It was a packed house for Tuesday morning’s Children’s Book & Author breakfast, with a host of literary celebrity sightings for the huge crowd of appreciative booksellers, beginning with Katherine Paterson, National Ambassador for Young People’s Literature and two-time Newbery Medalist. Paterson set the tone for the more than 1,200 book people attending by talking about the power of books to influence the future course of young lives.

After reciting a poem she’d written in second grade, Paterson joked that she knows her writing “has improved” since then, ascribing it to the act of reading. “Reading turned me into a writer,” she said. “More importantly, it has enriched and challenged my life.” She recalled a friend reading aloud to her from Cry the Beloved Country when she was 16, and how, one night, “the book came alive for her,” as she related how Alan Paton’s 1948 novel exploring the racial divisions in South Africa made her realize the “sins of my people” in the American South during the Jim Crow era. “I know my life changed that night—and it was because of a book,” she declared.

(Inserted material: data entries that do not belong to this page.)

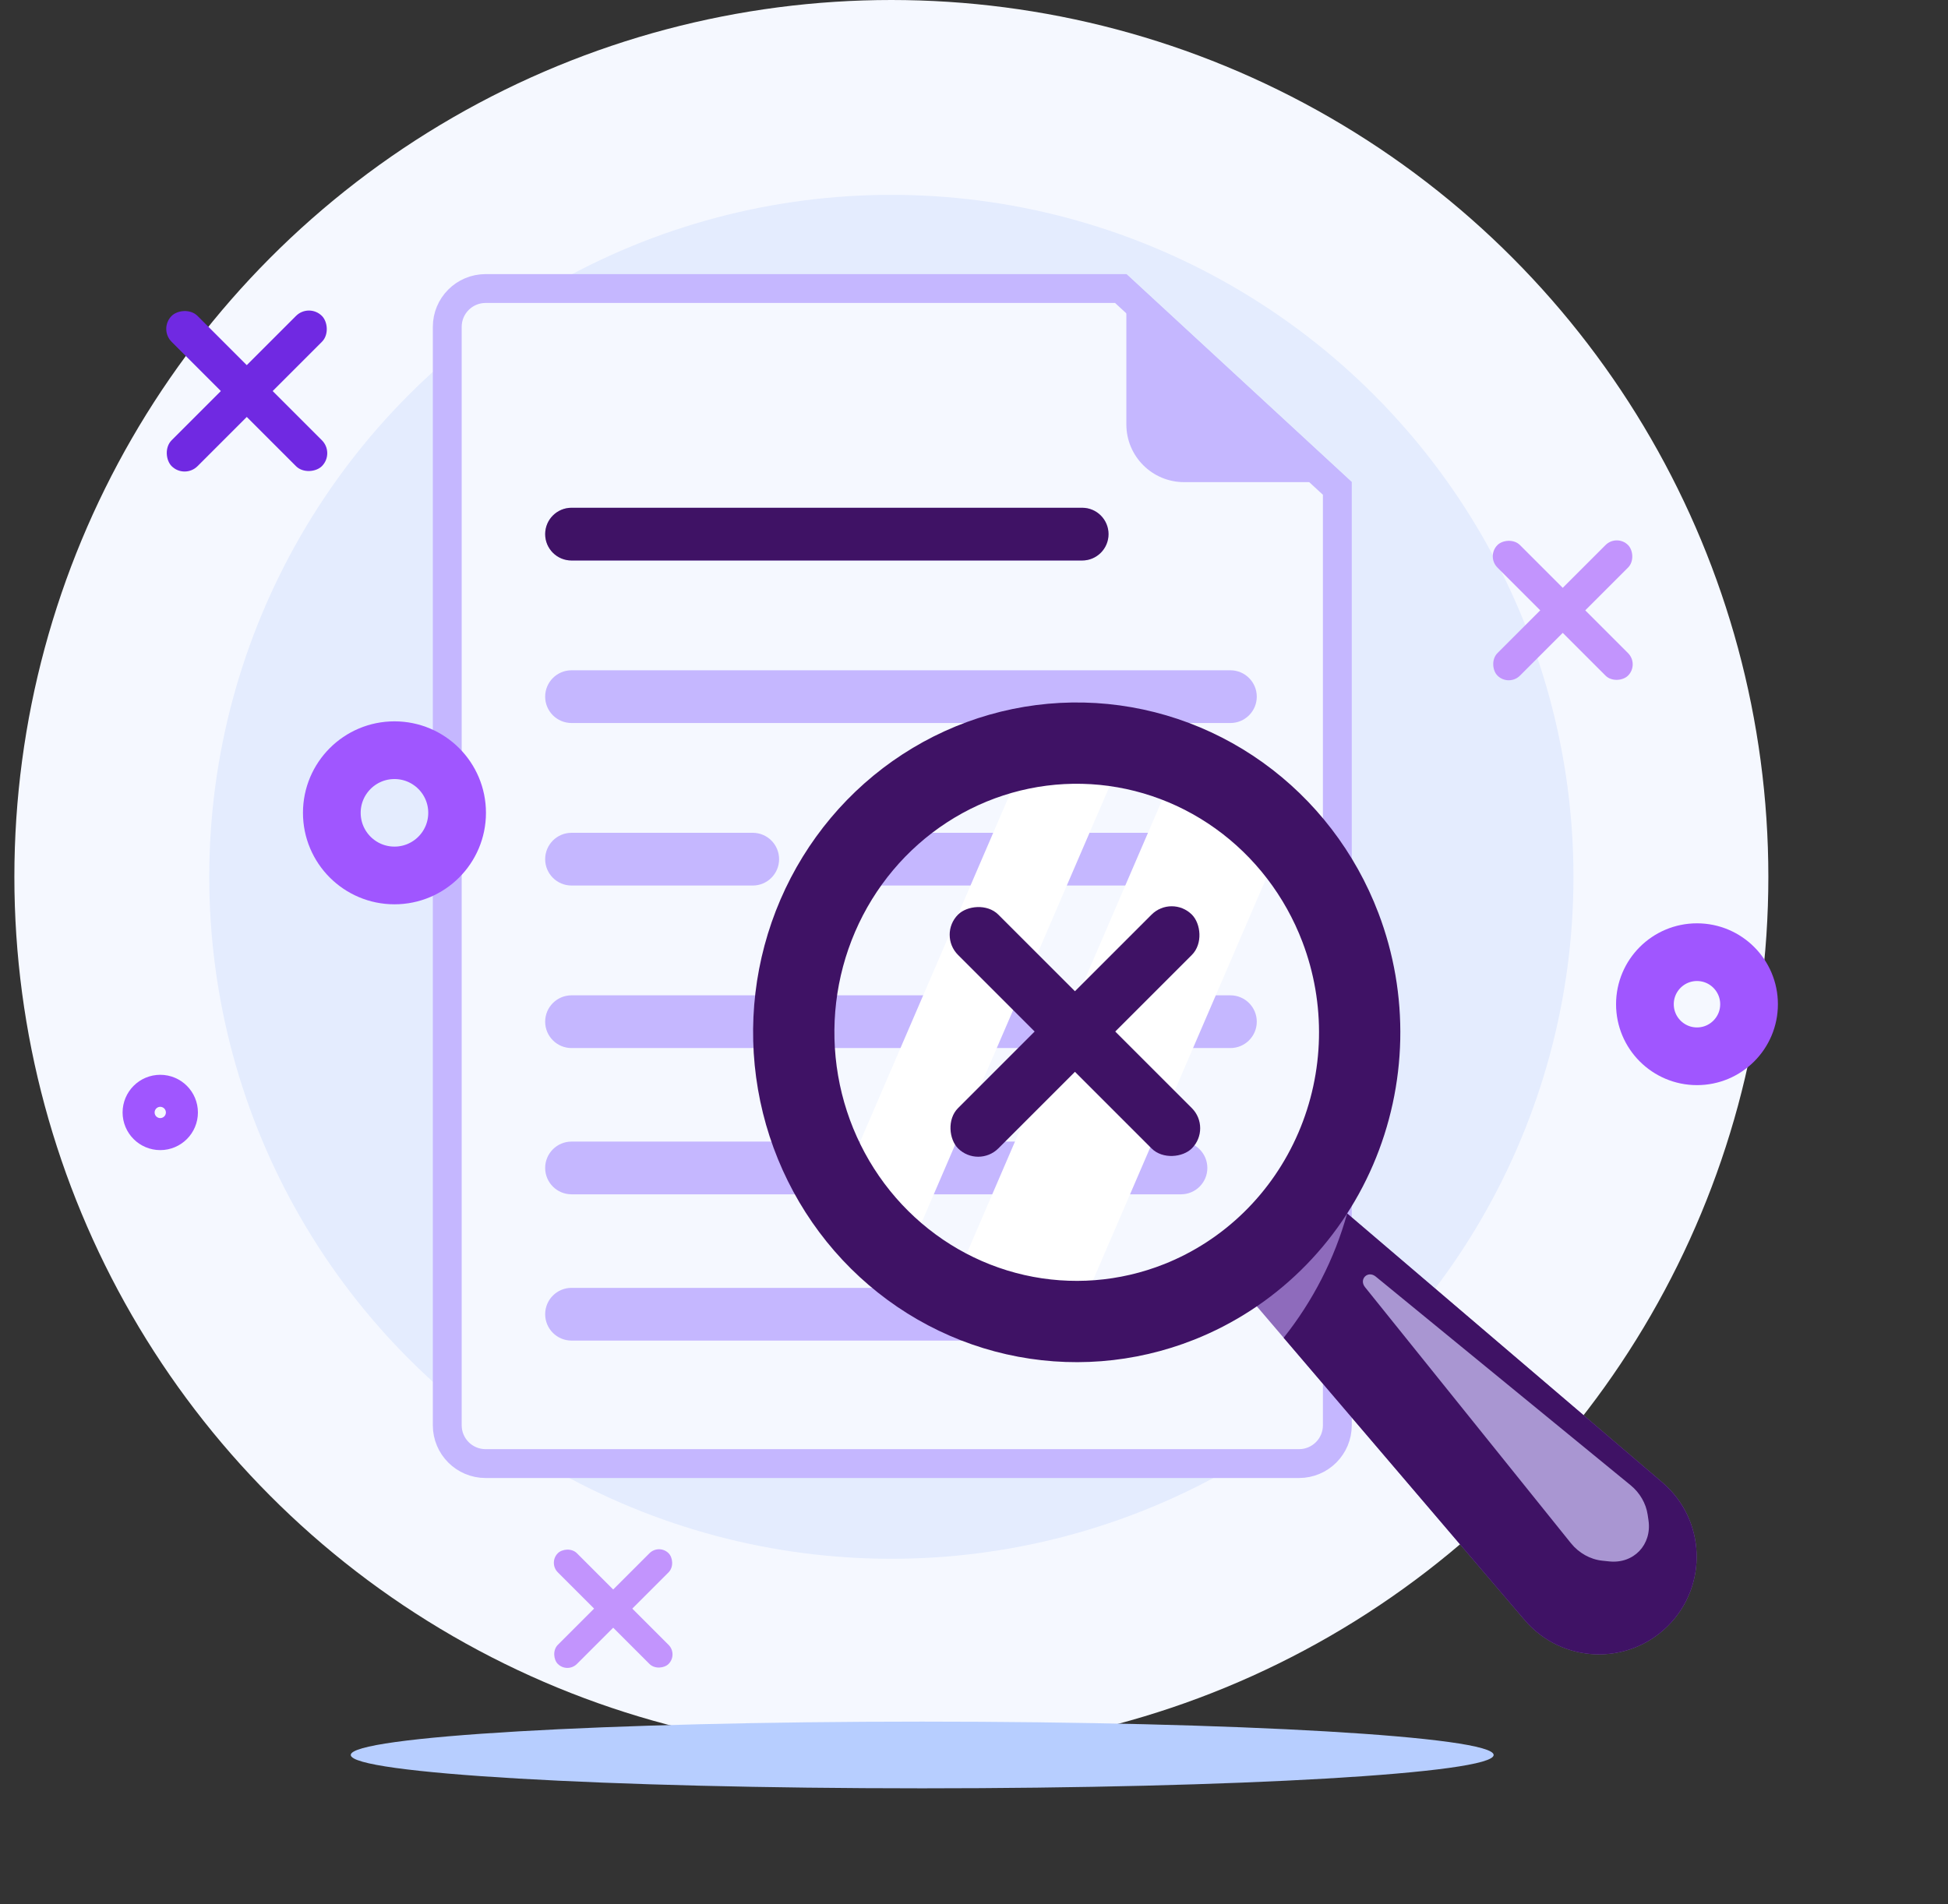 <svg width="135" height="132" viewBox="0 0 135 132" fill="none" xmlns="http://www.w3.org/2000/svg">
  <rect x="0" y="0" width="135" height="132" fill="#333333" stroke="none"/>
  <circle cx="61.773" cy="60.777" r="60.777" fill="#F5F8FF"/>
  <circle cx="61.773" cy="60.777" r="47.271" fill="#E4ECFE"/>
  <path d="M90.025 101.448H33.651C32.185 101.448 30.996 100.26 30.996 98.793V22.655C30.996 21.189 32.185 20 33.651 20H77.668L92.68 33.857V98.793C92.68 100.26 91.491 101.448 90.025 101.448Z" fill="#F5F8FF" stroke="#C5B7FF" stroke-width="2"/>
  <path fill-rule="evenodd" clip-rule="evenodd" d="M37.781 37.024C37.781 36.014 38.599 35.196 39.609 35.196H74.995C76.005 35.196 76.823 36.014 76.823 37.024C76.823 38.033 76.005 38.851 74.995 38.851H39.609C38.599 38.851 37.781 38.033 37.781 37.024ZM37.781 48.289C37.781 47.279 38.599 46.461 39.609 46.461H85.269C86.278 46.461 87.097 47.279 87.097 48.289C87.097 49.298 86.278 50.116 85.269 50.116H39.609C38.599 50.116 37.781 49.298 37.781 48.289ZM37.781 59.554C37.781 58.544 38.599 57.726 39.609 57.726H52.165C53.175 57.726 53.993 58.544 53.993 59.554C53.993 60.563 53.175 61.381 52.165 61.381H39.609C38.599 61.381 37.781 60.563 37.781 59.554ZM58.328 59.554C58.328 58.544 59.147 57.726 60.156 57.726H85.269C86.278 57.726 87.097 58.544 87.097 59.554C87.097 60.563 86.278 61.381 85.269 61.381H60.156C59.147 61.381 58.328 60.563 58.328 59.554ZM37.781 70.819C37.781 69.809 38.599 68.991 39.609 68.991H72.712C73.722 68.991 74.54 69.809 74.54 70.819C74.54 71.828 73.722 72.646 72.712 72.646H39.609C38.599 72.646 37.781 71.828 37.781 70.819ZM78.875 70.819C78.875 69.809 79.694 68.991 80.703 68.991H85.269C86.278 68.991 87.097 69.809 87.097 70.819C87.097 71.828 86.278 72.646 85.269 72.646H80.703C79.694 72.646 78.875 71.828 78.875 70.819ZM37.781 80.957C37.781 79.948 38.599 79.129 39.609 79.129H81.844C82.854 79.129 83.672 79.948 83.672 80.957C83.672 81.966 82.854 82.784 81.844 82.784H39.609C38.599 82.784 37.781 81.966 37.781 80.957ZM37.781 91.095C37.781 90.086 38.599 89.268 39.609 89.268H70.429C71.439 89.268 72.257 90.086 72.257 91.095C72.257 92.105 71.439 92.923 70.429 92.923H39.609C38.599 92.923 37.781 92.105 37.781 91.095Z" fill="#C5B7FF"/>
  <path d="M37.781 37.024C37.781 36.014 38.599 35.196 39.609 35.196H74.995C76.005 35.196 76.823 36.014 76.823 37.024C76.823 38.033 76.005 38.851 74.995 38.851H39.609C38.599 38.851 37.781 38.033 37.781 37.024Z" fill="#3F1265"/>
  <path d="M78.059 19L93.68 33.419H82.059C79.85 33.419 78.059 31.628 78.059 29.419V19Z" fill="#C5B7FF"/>
  <rect width="14.729" height="2.54" rx="1.27" transform="matrix(-0.707 0.707 0.707 0.707 21.411 21)" fill="#7029E2"/>
  <rect width="14.729" height="2.54" rx="1.27" transform="matrix(0.707 0.707 0.707 -0.707 10.996 22.796)" fill="#7029E2"/>
  <circle cx="27.337" cy="56.341" r="4.341" stroke="#A056FF" stroke-width="4"/>
  <circle cx="117.604" cy="69.608" r="3.608" stroke="#A056FF" stroke-width="4"/>
  <circle cx="11.106" cy="77.11" r="1.11" stroke="#A056FF" stroke-width="3"/>
  <path d="M63.91 123.958C85.783 123.958 103.513 122.923 103.513 121.646C103.513 120.369 85.783 119.334 63.91 119.334C42.038 119.334 24.308 120.369 24.308 121.646C24.308 122.923 42.038 123.958 63.91 123.958Z" fill="#B7CEFF"/>
  <path d="M84.736 87.778L90.686 81.828L115.207 102.757C118.21 105.32 118.391 109.899 115.599 112.691C112.807 115.483 108.228 115.302 105.665 112.299L84.736 87.778Z" fill="#8E6BBC"/>
  <path d="M88.96 92.728L105.665 112.299C108.228 115.303 112.807 115.483 115.599 112.691C118.391 109.899 118.21 105.32 115.207 102.757L93.36 84.11C92.481 87.28 90.968 90.198 88.96 92.728Z" fill="#3F1265"/>
  <path d="M77.941 52.071L62.561 87.779C62.324 87.596 62.089 87.406 61.859 87.214C60.372 85.957 59.077 84.48 58.018 82.832L71.303 51.988C73.504 51.625 75.749 51.653 77.941 52.071Z" fill="white"/>
  <path d="M88.875 58.266L74.414 91.838C71.41 91.841 68.446 91.138 65.751 89.783L81.541 53.122C84.338 54.24 86.847 56 88.875 58.266Z" fill="white"/>
  <path fill-rule="evenodd" clip-rule="evenodd" d="M65.623 57.007C62.823 58.829 60.605 61.466 59.258 64.591C57.912 67.717 57.501 71.184 58.081 74.552C58.661 77.921 60.204 81.029 62.505 83.488C64.806 85.946 67.76 87.644 70.991 88.378C74.221 89.111 77.592 88.849 80.679 87.623L80.68 87.623C82.731 86.808 84.609 85.588 86.205 84.027C87.801 82.466 89.084 80.595 89.978 78.52C90.872 76.445 91.358 74.208 91.407 71.937C91.456 69.667 91.067 67.409 90.263 65.296L90.263 65.295C89.052 62.111 86.95 59.376 84.229 57.428C81.51 55.48 78.294 54.405 74.987 54.33C71.681 54.256 68.422 55.184 65.623 57.007ZM54.084 62.362C55.864 58.23 58.806 54.72 62.549 52.284C66.293 49.848 70.666 48.597 75.114 48.697C79.563 48.798 83.876 50.245 87.51 52.847C91.143 55.449 93.93 59.086 95.529 63.293C96.592 66.087 97.105 69.065 97.04 72.059C96.975 75.052 96.335 78.005 95.153 80.749C93.971 83.493 92.27 85.976 90.144 88.055C88.018 90.134 85.509 91.767 82.759 92.859C78.616 94.504 74.086 94.858 69.744 93.872C65.402 92.887 61.453 90.609 58.391 87.338C55.331 84.067 53.293 79.95 52.529 75.508C51.764 71.067 52.304 66.493 54.084 62.362Z" fill="#3F1265"/>
  <path d="M113.008 102.952L95.341 88.486C94.793 88.037 94.156 88.668 94.599 89.22L108.865 106.963C109.415 107.648 110.21 108.092 111.038 108.179L111.528 108.23C113.219 108.407 114.492 107.07 114.243 105.378L114.185 104.985C114.07 104.209 113.644 103.474 113.008 102.952Z" fill="#A996D2"/>
  <rect width="22.919" height="3.951" rx="1.976" transform="matrix(-0.707 0.707 0.707 0.707 81.202 62)" fill="#3F1265"/>
  <rect width="22.919" height="3.951" rx="1.976" transform="matrix(0.707 0.707 0.707 -0.707 64.996 64.794)" fill="#3F1265"/>
  <rect width="12.8" height="2.207" rx="1.103" transform="matrix(-0.707 0.707 0.707 0.707 112.047 37)" fill="#C294FD"/>
  <rect width="12.8" height="2.207" rx="1.103" transform="matrix(0.707 0.707 0.707 -0.707 102.996 38.561)" fill="#C294FD"/>
  <rect width="10.856" height="1.872" rx="0.936" transform="matrix(-0.707 0.707 0.707 0.707 45.672 107)" fill="#C294FD"/>
  <rect width="10.856" height="1.872" rx="0.936" transform="matrix(0.707 0.707 0.707 -0.707 37.996 108.324)" fill="#C294FD"/>
</svg>

It was a sentiment shared by master of ceremonies Julianne Moore, film actor and author of Freckleface Strawberry: Best Friends Forever. “I never imagined I’d be a master of ceremonies, or a children’s book author—or an actor, for that matter,” she said, recalling being taught to read at age five and spending much of her youth devouring books. “I read voraciously, indiscriminately,” she said. “Reading soothed me, encouraged me, excited me.” Moore praised booksellers for knowing that “there’s a universe inside a book.”


Following Moore, Caldecott Medal winner Brian Selznick, who spent three years working at Eeyore’s Books for Children in Manhattan before publishing his first novel, declared, “I consider myself a bookseller first, a writer/illustrator second. It’s nice to be speaking to my people.” Describing his research into deaf culture as he wove together the stories of a girl and a boy living 50 years apart in Wonderstruck, Selznick called the deaf “the people of the eye,” as he explained the thought processes behind his latest book. “I wanted to tell different stories, one with words, one with pictures.” Wonderstruck, with its climactic scenes taking place at the American Museum of Natural History, “is filled with references to the classic novel, From the Mixed Up Files of Mrs. Basil E. Frankweiler. “I hope you find all of them,” he said.

Sarah Dessen, whose work Moore praised as “YA fiction at its best,” recalled how she unexpectedly “stumbled” into writing for teens more than a decade ago, when YA was regarded as less worthy of attention by serious writers. “There was no Twilight, there was no Harry Potter,” the author of What Happened to Goodbye explained. “There’s a secret about YA literature that we all know: it’s not ‘other,’ it’s better,” she insisted. “When writing for teens, you are connecting with them at the beginning of their reading lives,” she added. “They’re not yet jaded.”

Promoting both his picture book, Little White Rabbit, and his middle-grade novel, Junonia, Kevin Henkes underscored the importance of reading by defending picture books as something that “all children should experience.” Referring to the current debate in the media about the possible decline in the popularity of picture books, Henkes declared that he hoped that this was not the case, because if it was, it is “foolish and shortsighted, motivated by the trend of putting test scores above all else.”

Henkes succinctly summed up the morning’s themes at the end of his presentation, with the words: “In life there are so many things to wonder about. You don’t have to wonder about books. We love them, we need them, and we know it.”